A History of Edgar

The problem with Edgar is surprisingly not Leonardo DiCaprio. He’s actually very good as the FBI founder and chief. Though if J.Edgar was alive he’s be very flattered to see they’d chosen a pretty boy to play him, as the man had ‘a face like a bulldog chewing a wasp’, as we say in my homeland.

The issue I have with this generally engaging and serviceable film is that this story would be better told as a mini-series. There’s simply too much packed into a 2 and a bit hours and too much left out. Hoover was a fascinating and complex character but because we’re always lurching from one epoch to another we never get a chance to delve into the inner recesses of his mind. I was grateful to know that in his youth anarchists had attempted to blow up his boss.
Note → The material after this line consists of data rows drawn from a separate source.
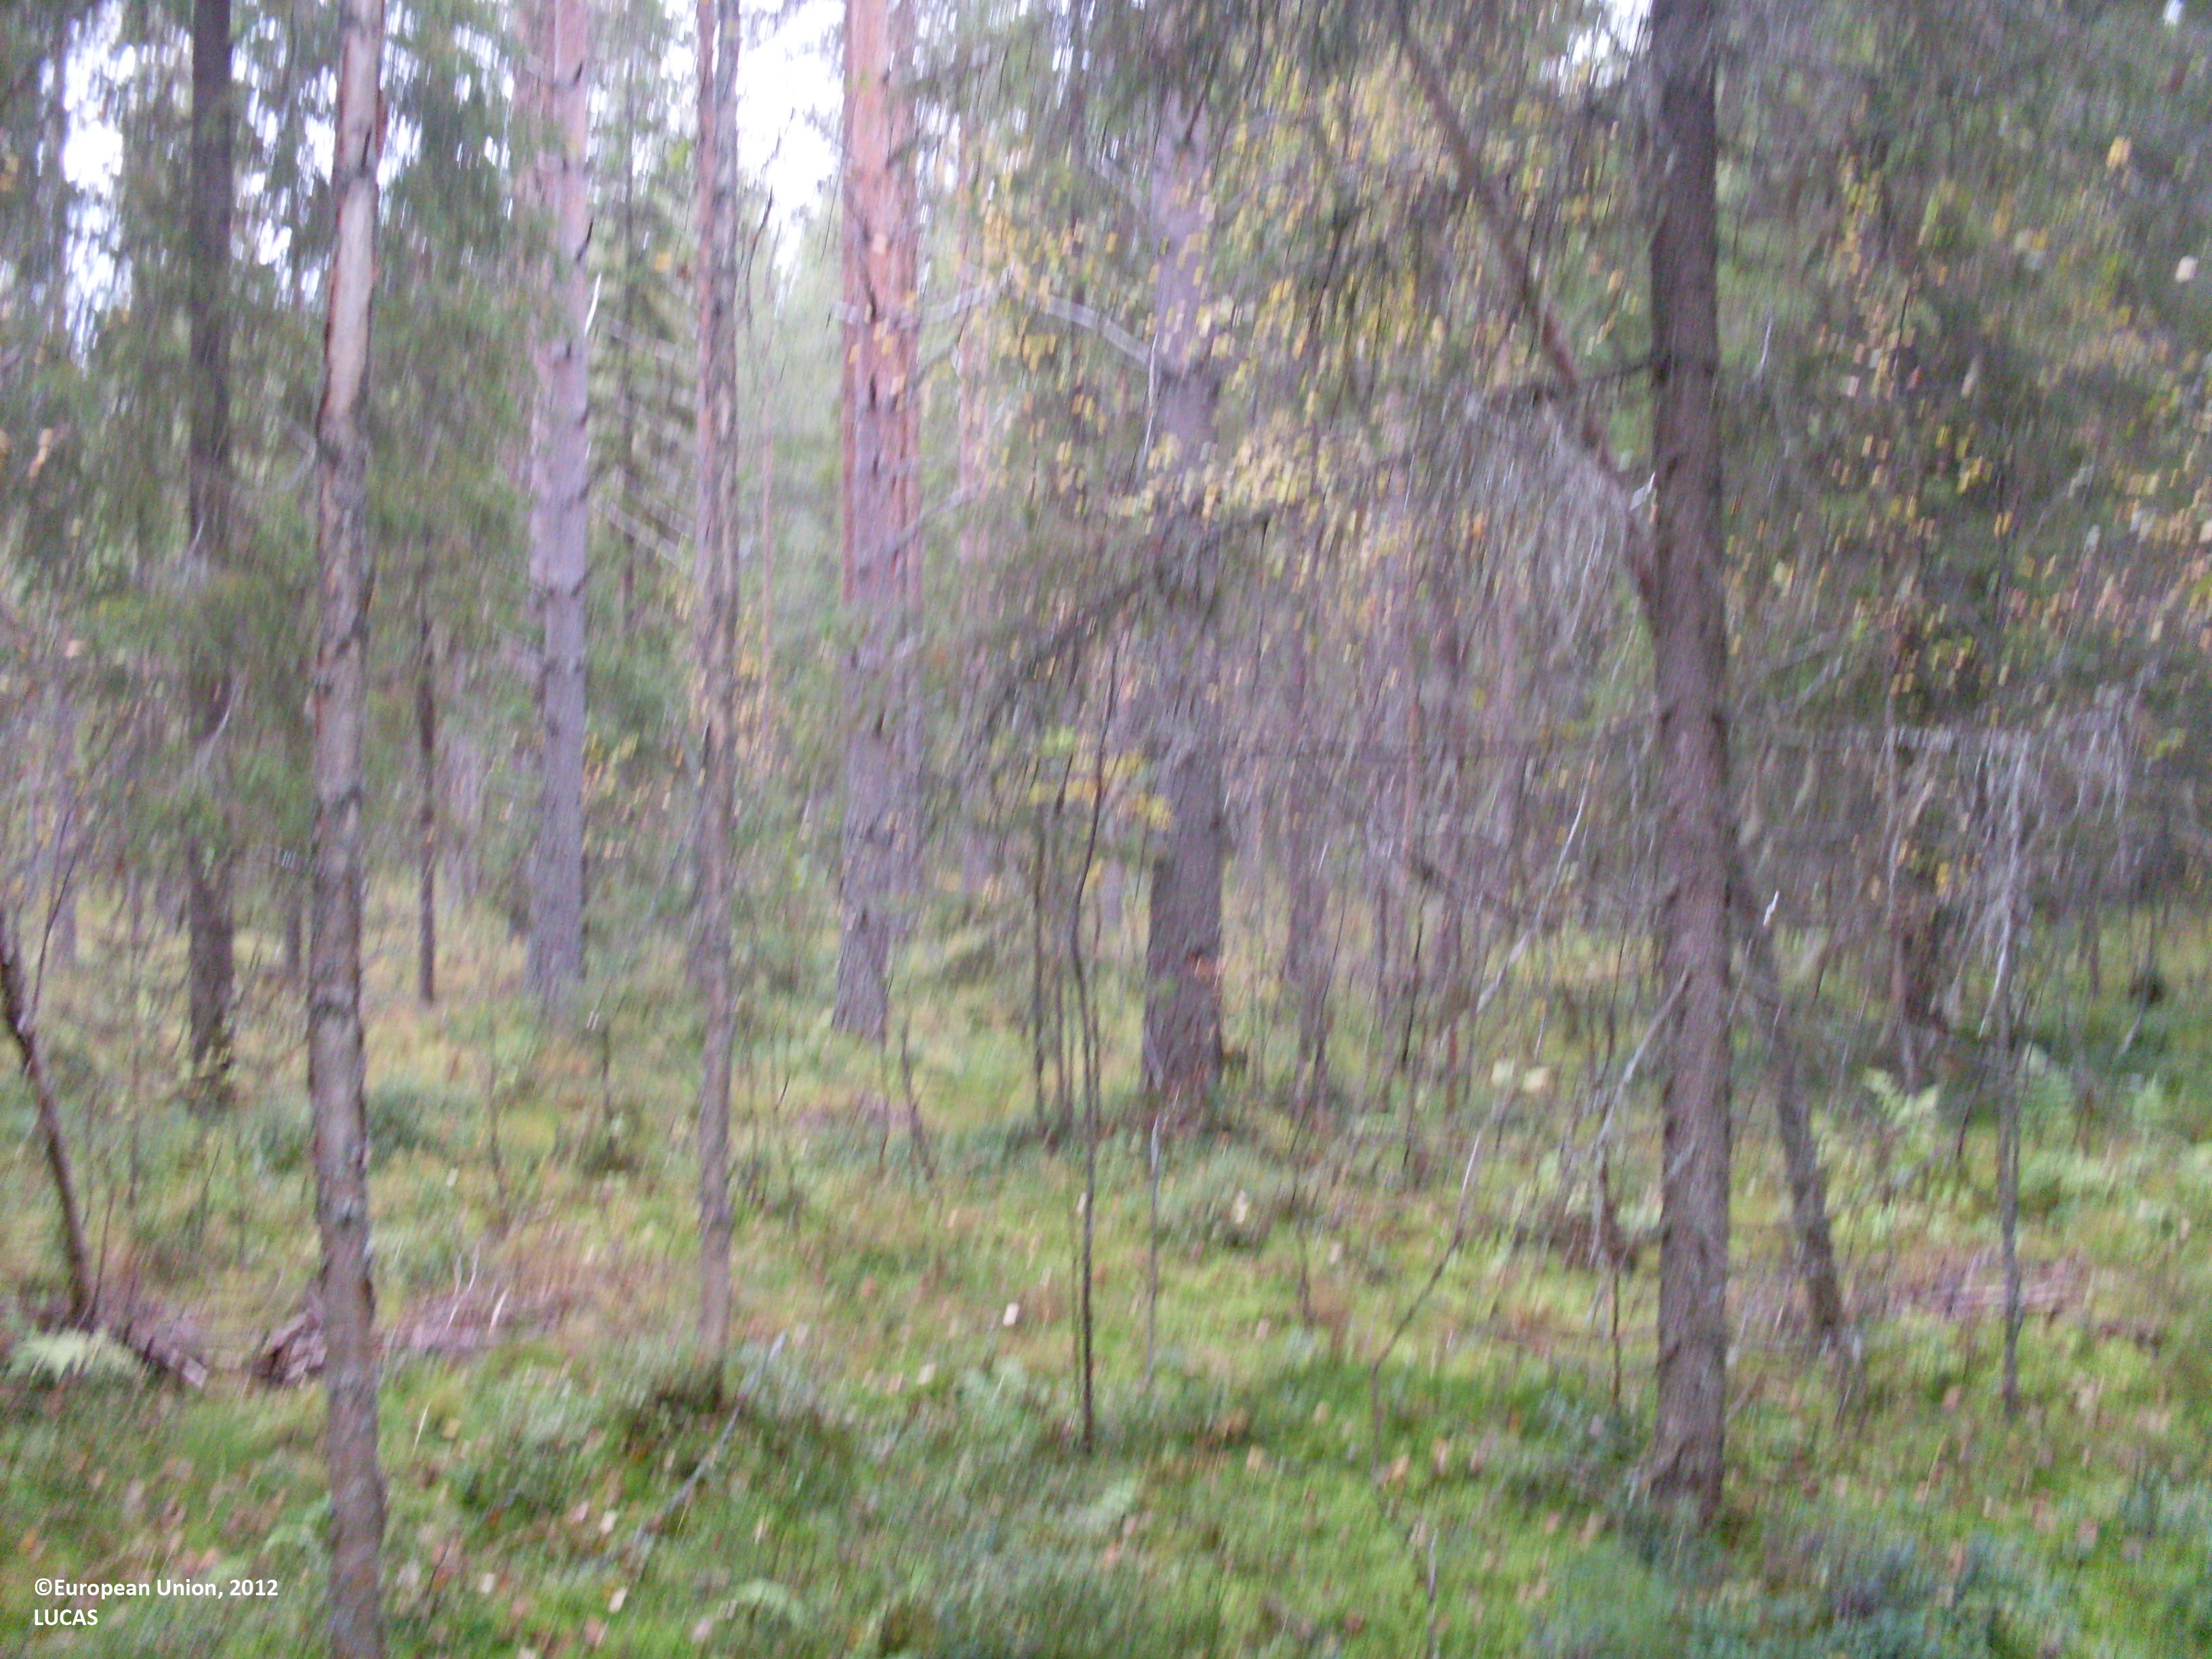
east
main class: Woodland
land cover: Spruce dominated mixed woodland
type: boreal forest
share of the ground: 50 - 75 %
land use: Forestry
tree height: > 5 m
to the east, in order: Spruce dominated mixed woodland; Inland water bodies
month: September
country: FI
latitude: 64.1501
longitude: 28.3684

This helped explain his fierce anti-communism but I would have liked to have seen a whole film devoted to this because it’s new to me, as I’m sure it is to many in the audience.

Similarly the battle with gangsters and invention of the G-men was another topic to make a 2 hour film on, albeit one that I have kind of seen before in one guise or another.

The same could be said of his battle with the Kennedy’s and his relationship with Clyde Tollson. I’m not sure what the solution is, possibly  to make a film called ‘Young Edgar’ about his early days battling radicals. Or a film about the ‘Last Days of Edgar’ when Nixon came to power.

It reminds me of why a film like Frost /Nixon works better than Stone’s ‘Nixon’ biopic with Hopkins. One attempts to tell the life of a man, the other an episode in his life.